● **Problem to work on**: A bare count is the expected answer, namely the number of lines in the records that have the word "encoding".

● **Information supplied**:
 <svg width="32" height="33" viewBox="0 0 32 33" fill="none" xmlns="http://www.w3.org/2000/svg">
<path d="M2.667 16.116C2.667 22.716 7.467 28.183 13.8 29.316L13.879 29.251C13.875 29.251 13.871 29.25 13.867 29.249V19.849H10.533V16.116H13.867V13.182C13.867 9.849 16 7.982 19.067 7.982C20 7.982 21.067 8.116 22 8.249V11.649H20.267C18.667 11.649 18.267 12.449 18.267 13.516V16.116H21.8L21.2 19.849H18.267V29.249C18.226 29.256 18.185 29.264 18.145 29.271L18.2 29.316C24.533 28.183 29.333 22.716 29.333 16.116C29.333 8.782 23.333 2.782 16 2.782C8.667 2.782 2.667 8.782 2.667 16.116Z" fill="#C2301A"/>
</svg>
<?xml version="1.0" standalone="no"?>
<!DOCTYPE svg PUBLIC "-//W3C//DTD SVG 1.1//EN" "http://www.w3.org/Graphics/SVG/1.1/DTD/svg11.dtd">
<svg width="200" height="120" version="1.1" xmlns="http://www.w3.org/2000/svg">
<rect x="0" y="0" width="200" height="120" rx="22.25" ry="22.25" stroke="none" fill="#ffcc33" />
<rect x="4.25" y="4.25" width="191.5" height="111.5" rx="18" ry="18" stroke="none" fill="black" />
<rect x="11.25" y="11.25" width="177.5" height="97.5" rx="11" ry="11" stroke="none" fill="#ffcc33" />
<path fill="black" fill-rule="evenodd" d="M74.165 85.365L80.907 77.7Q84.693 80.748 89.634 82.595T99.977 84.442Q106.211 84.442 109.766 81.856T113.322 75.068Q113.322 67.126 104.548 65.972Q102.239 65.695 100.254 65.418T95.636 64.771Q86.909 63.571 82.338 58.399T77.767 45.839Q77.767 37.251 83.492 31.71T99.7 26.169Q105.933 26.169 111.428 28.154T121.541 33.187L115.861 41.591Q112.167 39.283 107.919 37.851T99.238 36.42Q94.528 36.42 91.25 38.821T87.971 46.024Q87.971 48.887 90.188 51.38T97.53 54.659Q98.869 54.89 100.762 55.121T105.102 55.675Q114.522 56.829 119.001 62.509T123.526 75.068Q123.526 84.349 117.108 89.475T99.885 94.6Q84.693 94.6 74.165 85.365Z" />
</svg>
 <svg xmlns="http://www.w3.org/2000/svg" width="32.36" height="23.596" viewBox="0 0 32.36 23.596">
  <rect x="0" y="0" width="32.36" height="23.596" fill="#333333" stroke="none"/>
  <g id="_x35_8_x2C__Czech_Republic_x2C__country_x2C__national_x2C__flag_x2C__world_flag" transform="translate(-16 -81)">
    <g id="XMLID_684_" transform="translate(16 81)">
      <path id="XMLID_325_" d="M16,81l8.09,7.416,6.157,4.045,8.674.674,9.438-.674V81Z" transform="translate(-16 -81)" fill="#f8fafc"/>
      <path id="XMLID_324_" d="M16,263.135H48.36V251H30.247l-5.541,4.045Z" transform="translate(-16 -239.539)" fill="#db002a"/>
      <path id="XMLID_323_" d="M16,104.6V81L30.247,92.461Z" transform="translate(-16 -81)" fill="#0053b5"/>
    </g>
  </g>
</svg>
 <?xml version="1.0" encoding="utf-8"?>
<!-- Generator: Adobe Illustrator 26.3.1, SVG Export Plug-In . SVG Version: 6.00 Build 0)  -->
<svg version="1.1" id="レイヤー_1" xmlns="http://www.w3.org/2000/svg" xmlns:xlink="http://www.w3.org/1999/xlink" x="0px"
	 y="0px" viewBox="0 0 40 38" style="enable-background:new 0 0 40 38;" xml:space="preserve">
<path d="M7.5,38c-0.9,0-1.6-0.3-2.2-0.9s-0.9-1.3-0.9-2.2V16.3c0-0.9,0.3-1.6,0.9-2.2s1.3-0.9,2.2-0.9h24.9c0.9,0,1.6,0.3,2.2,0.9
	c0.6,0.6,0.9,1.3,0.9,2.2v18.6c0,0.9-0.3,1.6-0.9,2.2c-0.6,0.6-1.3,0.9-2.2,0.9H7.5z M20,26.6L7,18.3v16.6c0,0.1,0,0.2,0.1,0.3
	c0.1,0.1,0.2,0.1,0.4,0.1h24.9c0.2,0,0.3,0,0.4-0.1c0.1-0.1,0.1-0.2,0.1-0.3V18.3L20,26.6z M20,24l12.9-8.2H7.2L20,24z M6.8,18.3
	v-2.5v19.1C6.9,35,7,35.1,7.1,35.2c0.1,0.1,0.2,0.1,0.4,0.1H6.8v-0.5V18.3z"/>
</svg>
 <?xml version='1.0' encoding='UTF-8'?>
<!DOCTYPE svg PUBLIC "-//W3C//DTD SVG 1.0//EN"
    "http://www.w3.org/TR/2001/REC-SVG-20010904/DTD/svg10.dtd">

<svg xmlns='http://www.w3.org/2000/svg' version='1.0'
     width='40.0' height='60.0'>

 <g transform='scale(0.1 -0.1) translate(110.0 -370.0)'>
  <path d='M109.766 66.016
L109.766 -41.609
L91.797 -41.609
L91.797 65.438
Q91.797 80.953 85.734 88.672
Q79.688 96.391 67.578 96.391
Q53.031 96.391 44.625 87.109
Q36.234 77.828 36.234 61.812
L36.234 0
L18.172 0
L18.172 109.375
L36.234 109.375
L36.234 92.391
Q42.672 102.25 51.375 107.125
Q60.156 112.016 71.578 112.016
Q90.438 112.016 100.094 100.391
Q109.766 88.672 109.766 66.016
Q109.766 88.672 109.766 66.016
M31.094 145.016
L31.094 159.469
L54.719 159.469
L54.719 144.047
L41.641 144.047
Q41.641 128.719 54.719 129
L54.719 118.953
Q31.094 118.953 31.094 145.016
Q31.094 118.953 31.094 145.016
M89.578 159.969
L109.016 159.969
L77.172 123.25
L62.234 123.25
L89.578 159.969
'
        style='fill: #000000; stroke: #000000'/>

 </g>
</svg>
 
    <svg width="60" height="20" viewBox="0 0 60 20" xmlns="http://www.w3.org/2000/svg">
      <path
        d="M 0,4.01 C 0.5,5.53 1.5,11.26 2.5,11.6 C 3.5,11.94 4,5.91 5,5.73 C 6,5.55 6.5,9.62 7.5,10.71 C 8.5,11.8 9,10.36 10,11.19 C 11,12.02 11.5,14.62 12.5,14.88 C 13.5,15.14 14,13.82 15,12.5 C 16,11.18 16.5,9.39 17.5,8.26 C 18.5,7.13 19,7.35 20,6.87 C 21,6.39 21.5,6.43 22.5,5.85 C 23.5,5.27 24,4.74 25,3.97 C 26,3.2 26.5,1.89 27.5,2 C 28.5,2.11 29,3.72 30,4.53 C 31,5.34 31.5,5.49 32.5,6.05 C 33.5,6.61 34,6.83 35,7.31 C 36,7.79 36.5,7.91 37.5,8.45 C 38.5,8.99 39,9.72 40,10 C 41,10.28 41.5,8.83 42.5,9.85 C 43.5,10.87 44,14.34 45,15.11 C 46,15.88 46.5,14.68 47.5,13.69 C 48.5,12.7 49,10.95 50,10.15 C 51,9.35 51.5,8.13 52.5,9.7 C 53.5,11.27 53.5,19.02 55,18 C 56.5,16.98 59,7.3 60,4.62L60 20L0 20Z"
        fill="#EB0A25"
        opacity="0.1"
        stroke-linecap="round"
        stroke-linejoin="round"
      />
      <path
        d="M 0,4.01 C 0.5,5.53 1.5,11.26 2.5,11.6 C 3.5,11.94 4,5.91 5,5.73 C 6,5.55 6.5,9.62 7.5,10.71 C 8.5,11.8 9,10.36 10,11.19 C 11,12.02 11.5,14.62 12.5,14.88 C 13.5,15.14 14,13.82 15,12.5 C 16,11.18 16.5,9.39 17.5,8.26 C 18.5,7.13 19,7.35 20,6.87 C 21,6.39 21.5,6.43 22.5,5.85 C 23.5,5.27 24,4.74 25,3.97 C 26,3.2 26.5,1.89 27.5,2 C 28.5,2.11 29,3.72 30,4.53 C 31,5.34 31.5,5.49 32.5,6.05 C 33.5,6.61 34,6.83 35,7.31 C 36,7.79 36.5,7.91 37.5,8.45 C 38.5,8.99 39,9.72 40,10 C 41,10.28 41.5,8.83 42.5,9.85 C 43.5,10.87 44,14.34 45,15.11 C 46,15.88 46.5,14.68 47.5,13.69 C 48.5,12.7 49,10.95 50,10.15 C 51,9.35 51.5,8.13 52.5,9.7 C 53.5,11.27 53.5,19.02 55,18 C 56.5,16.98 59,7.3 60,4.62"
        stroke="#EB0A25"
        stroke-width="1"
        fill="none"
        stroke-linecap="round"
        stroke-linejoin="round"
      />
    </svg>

● **Solution**: 2